- Opening Delimiter -

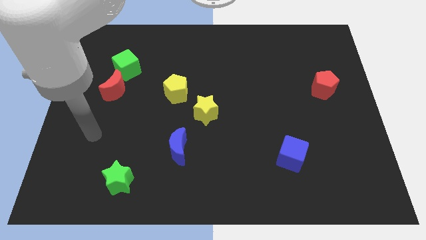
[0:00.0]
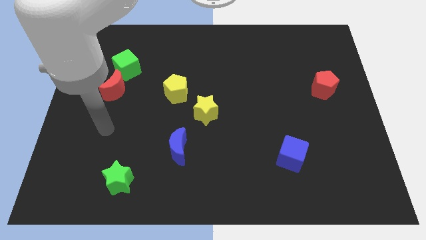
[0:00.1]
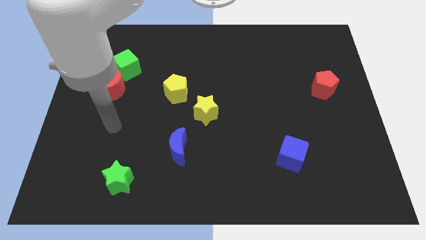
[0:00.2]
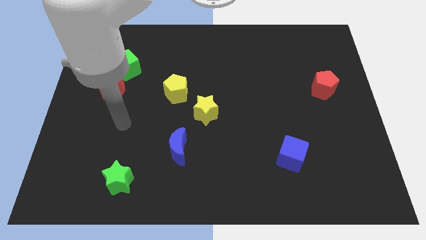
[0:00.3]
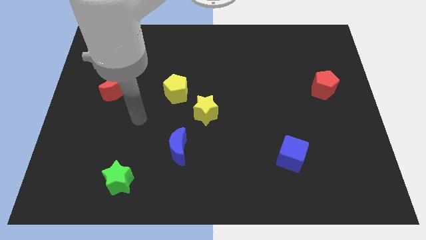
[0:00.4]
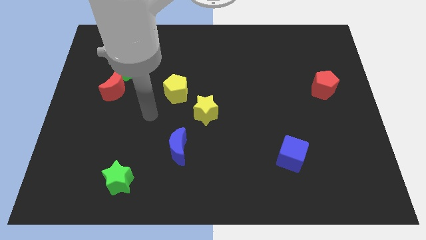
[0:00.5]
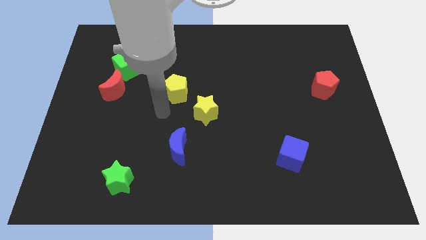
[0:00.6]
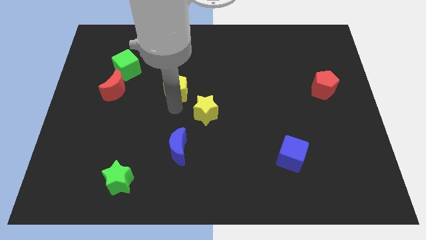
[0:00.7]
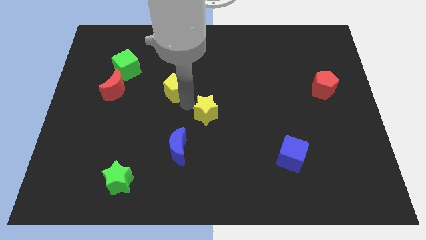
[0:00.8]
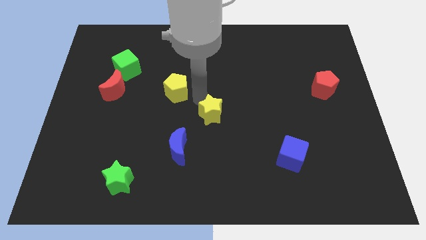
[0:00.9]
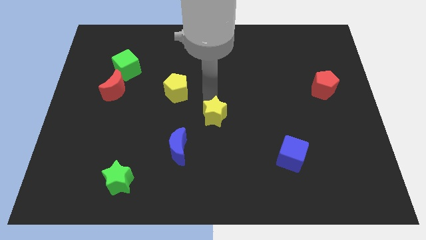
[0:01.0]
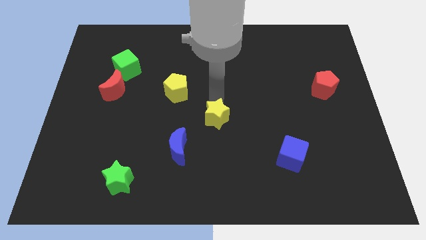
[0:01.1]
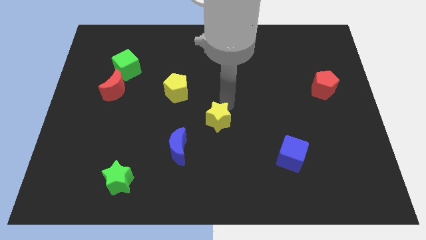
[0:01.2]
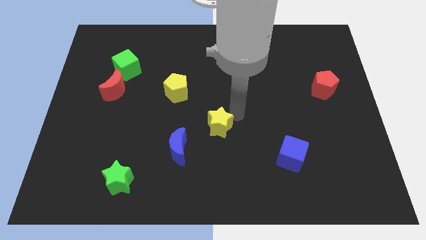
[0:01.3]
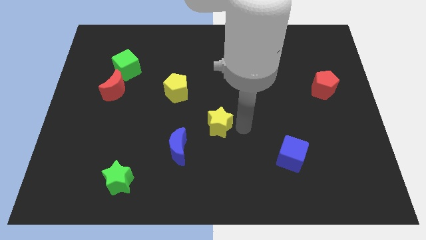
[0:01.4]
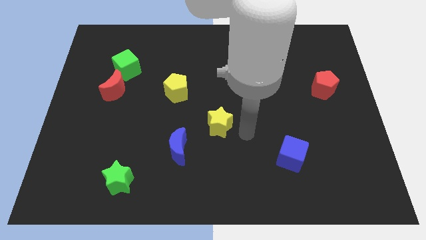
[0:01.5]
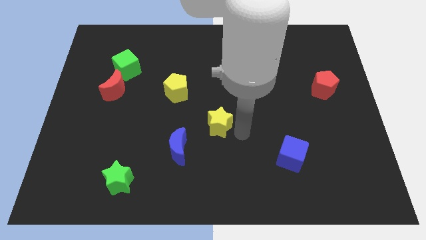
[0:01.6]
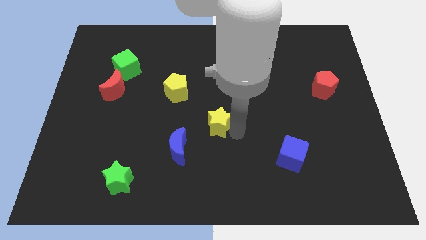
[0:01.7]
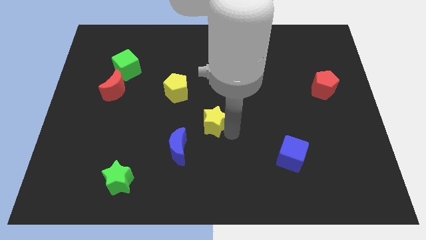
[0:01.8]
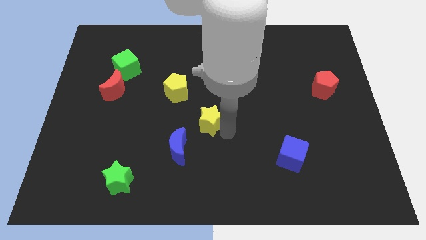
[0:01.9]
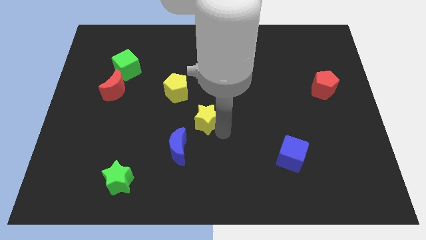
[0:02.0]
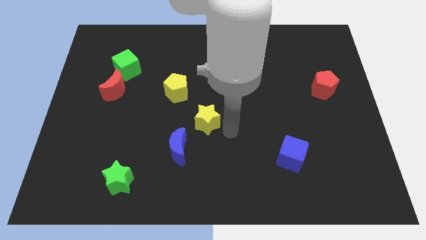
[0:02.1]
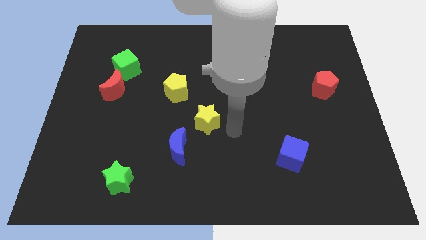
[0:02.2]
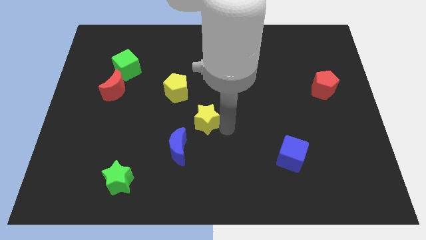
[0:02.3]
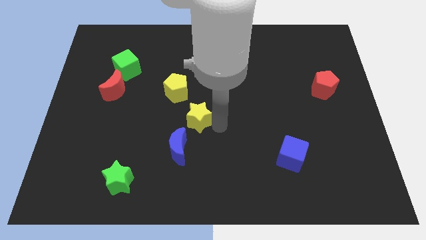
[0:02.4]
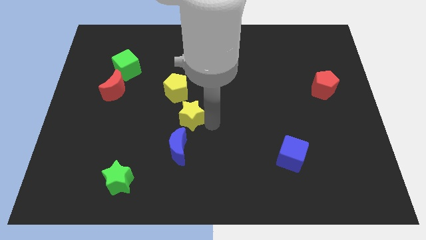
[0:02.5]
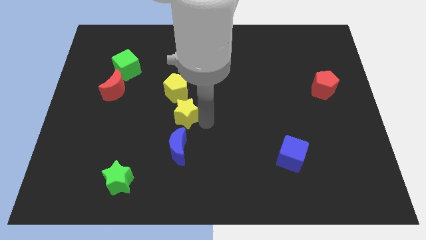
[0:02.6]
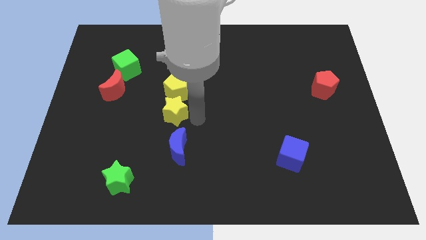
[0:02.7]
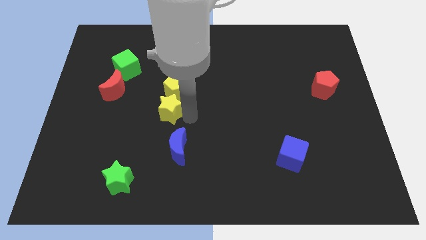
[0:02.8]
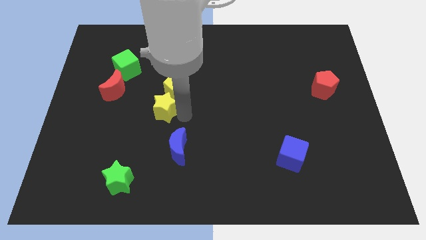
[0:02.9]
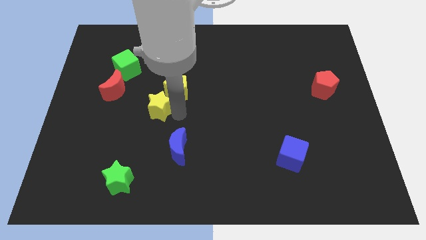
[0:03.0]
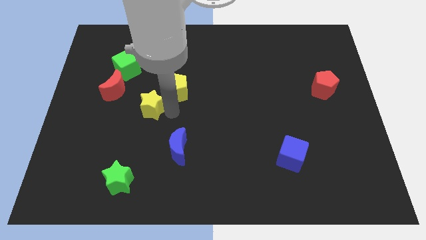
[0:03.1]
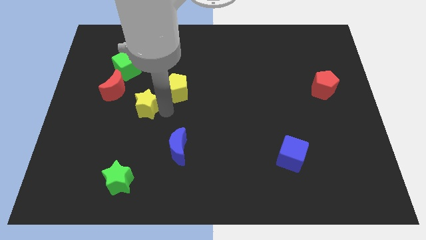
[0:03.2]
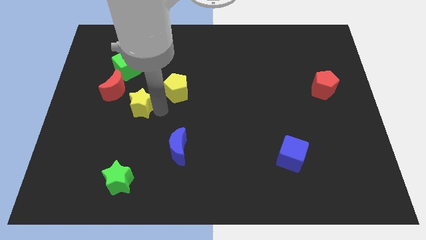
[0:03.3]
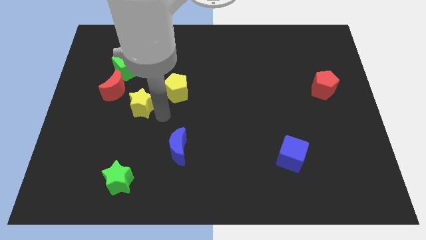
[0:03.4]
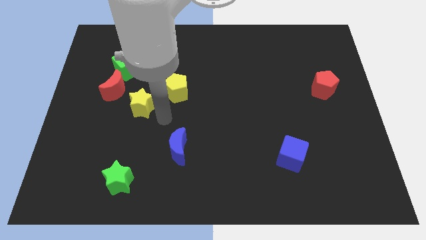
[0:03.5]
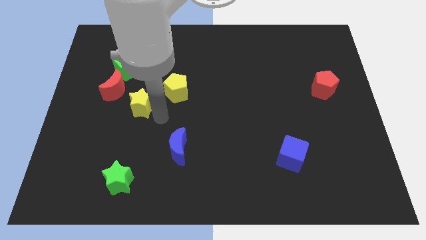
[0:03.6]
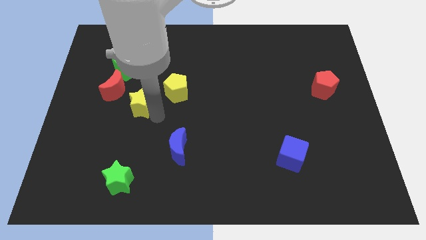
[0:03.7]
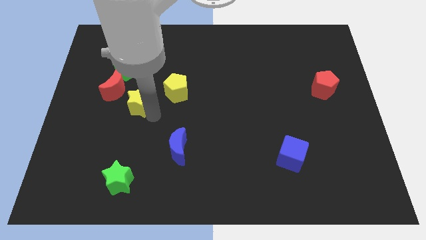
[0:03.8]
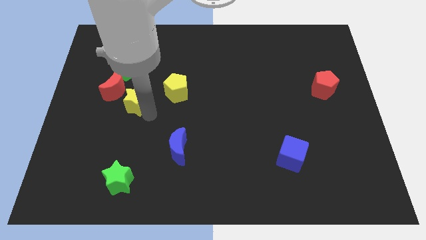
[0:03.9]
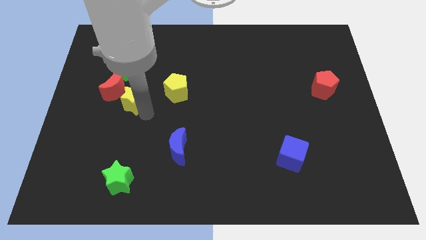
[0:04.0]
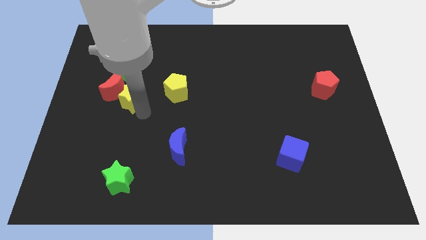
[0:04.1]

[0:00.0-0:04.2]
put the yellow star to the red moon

- Closing Delimiter -

> **EXERCISE REQUIREMENTS**:
Transcribe every line from the records above without alteration, and leave out the images.

> **THE COMPLETED TASK**:
[0:00.0]
[0:00.1]
[0:00.2]
[0:00.3]
[0:00.4]
[0:00.5]
[0:00.6]
[0:00.7]
[0:00.8]
[0:00.9]
[0:01.0]
[0:01.1]
[0:01.2]
[0:01.3]
[0:01.4]
[0:01.5]
[0:01.6]
[0:01.7]
[0:01.8]
[0:01.9]
[0:02.0]
[0:02.1]
[0:02.2]
[0:02.3]
[0:02.4]
[0:02.5]
[0:02.6]
[0:02.7]
[0:02.8]
[0:02.9]
[0:03.0]
[0:03.1]
[0:03.2]
[0:03.3]
[0:03.4]
[0:03.5]
[0:03.6]
[0:03.7]
[0:03.8]
[0:03.9]
[0:04.0]
[0:04.1]

[0:00.0-0:04.2]
put the yellow star to the red moon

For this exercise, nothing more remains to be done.